May I just mention how great the French are?  The sommelier didn’t know if there was a fire in the walls, or not, but since she didn’t see any new smoke coming out of the electrical panel or any other orifice, we went back to our dégustation… before the firefighters arrived!  The best part was that when the pompiers arrived, they apologized for interrupting our wine and cheese tasting.  They never asked us to leave the building and we kept on eating and drinking through the next round.  Unfortunately they did want to look in the ceiling, so we had to leave before round 4.  We were assured, however, that we’d come back to finish another day.  

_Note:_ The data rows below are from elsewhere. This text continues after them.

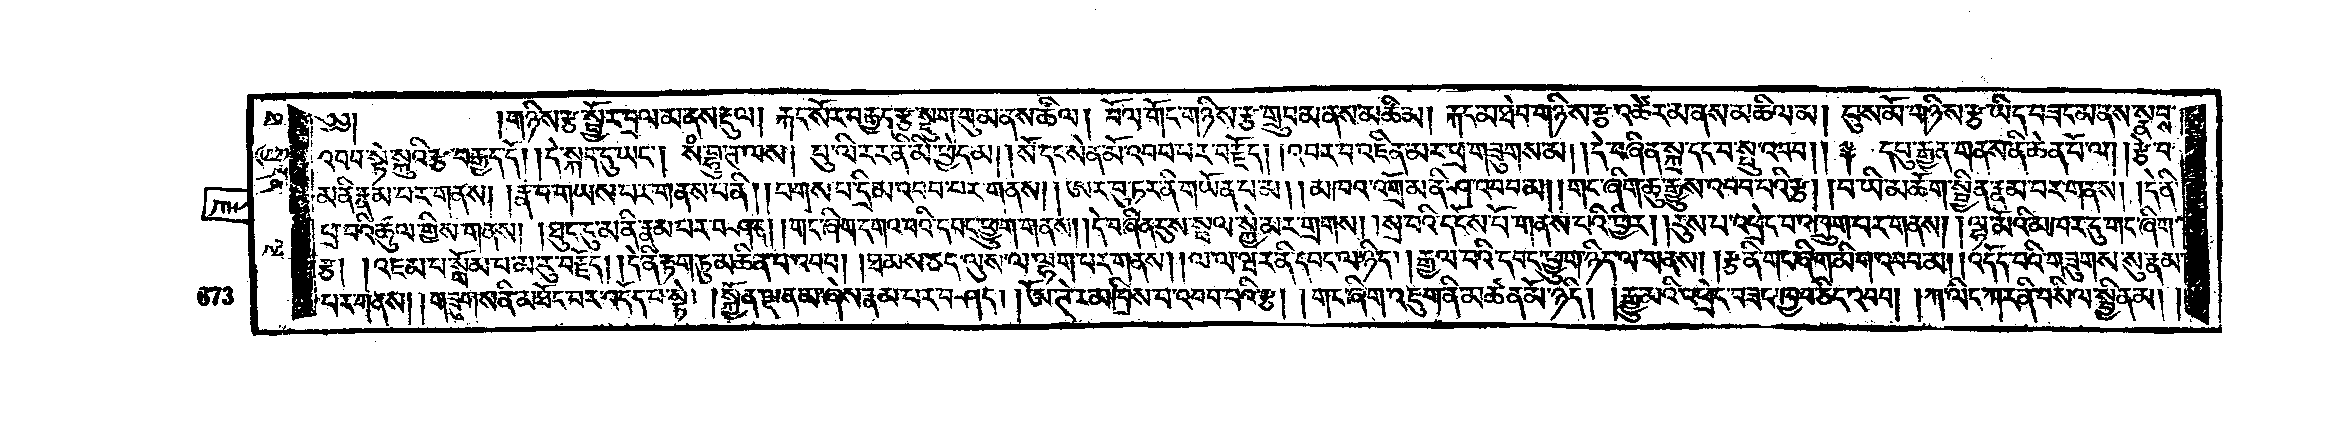༄༅། །གཉིས་རྩ་སྦྱོར་བྲལ་མ་ནས་རྡུལ། རྐང་སོར་བརྒྱད་རྩ་སྡུག་གུ་མ་ནས་ཆིལ། བོལ་གོང་གཉིས་རྩ་གྲུབ་མ་ནས་མཆི་མ། རྐང་མཐེབ་གཉིས་རྩ་འཚེར་མ་ནས་མཆིལ་མ། པུས་མོ་གཉིས་རྩ་ཡིད་བཟང་མ་ནས་སྣབས་
འབབ་སྟེ་སྐུའི་རྩ་བརྒྱད་དོ། །དེ་སྐད་དུ་ཡང་། སཾ་བྷུ་ཊ་ལས། པུ་ལི་རར་ནི་མི་ཕྱེད་མ། །སོ་དང་སེན་མོ་འབབ་པར་བརྗོད། །འབར་བ་འཛིན་མར་ཕྲ་གཟུགས་མ། །དེ་བཞིན་སྐྲ་དང་བ་སྤུ་འབབ།། ༈ དབུ་རྒྱན་གནས་ནི་ཆེན་པོ་ལ། །རྩེ་བ་
མ་ནི་རྣམ་པར་གནས། །རྣ་བ་གཡས་པར་གནས་པ་ནི། །པགས་པ་དྲི་མ་འབབ་པར་གནས། །ཨར་བུ་ཏར་ནི་གཡོན་པ་མ། །མཁའ་འགྲོ་མ་ནི་ཤ་འབབ་མ། །གང་ཞིག་ཆུ་རྒྱུས་འབབ་པའི་རྩ། །བ་ཡི་མཆོག་སྦྱིན་རྣམ་པར་གནས། །དེ་ནི་
ཕྲ་བའི་ཚུལ་གྱིས་གནས། །ཐུང་དུ་མ་ནི་རྣམ་པར་བཤད། །གང་ཞིག་དགའ་བའི་དབང་ཕྱུག་གནས། །དེ་བཞིན་རུས་སྦལ་སྐྱེ་མར་གྲགས། །སྲ་བའི་དངོས་པོ་གནས་པའི་ཕྱིར། །རུས་པ་འཕྲེང་བ་འཁྲུག་པར་གནས། །ལྷ་མོའི་མཁར་དུ་གང་ཞིག་
རྩ། །འཇམ་པ་སྒོམ་པ་མ་རུ་བརྗོད། །དེ་ནི་རྟག་ཏུ་མཆིན་པ་འབབ། །ཐམས་ཅད་ལུས་ལ་ལྷག་པར་གནས། །ལ་ལ་ཝར་ནི་དབང་ལ་ཉིད། །རྒྱལ་བའི་དབང་ཕྱུག་ཉིད་ལ་གནས། །རྩ་ནི་གང་ཞིག་མིག་འབབ་མ། །འདོད་པའི་གཟུགས་སུ་རྣམ་
པར་གནས། །གཟུགས་ནི་མཐོང་བར་འདོད་པ་སྟེ། །སྐྱོན་ལྡན་མ་ཞེས་རྣམ་པར་བཤད། །ཨོ་ཊེར་མཁྲིས་པ་འབབ་པའི་རྩ། །གང་ཞིག་འཇུག་ནི་མཚན་མོ་ཉིད། །རྒྱུ་མའི་འཕྲེང་བཟང་ཁྱབ་ཅིང་འབབ། །ཀ་ལིང་ཀར་ནི་བསིལ་སྦྱིན་མ། །

In America you would have evacuated the minute you saw the smoke and if you were lucky you’d make it out before those damned stupid sprinklers started going off.  You’d never even consider going back in the building (2nd grade teachers like to inflict the fear of God into their students with stories about the people that go back into burning buildings).  Finally, the firefighters would never apologize for interrupting your wine tasting in a burning building.  I love the French.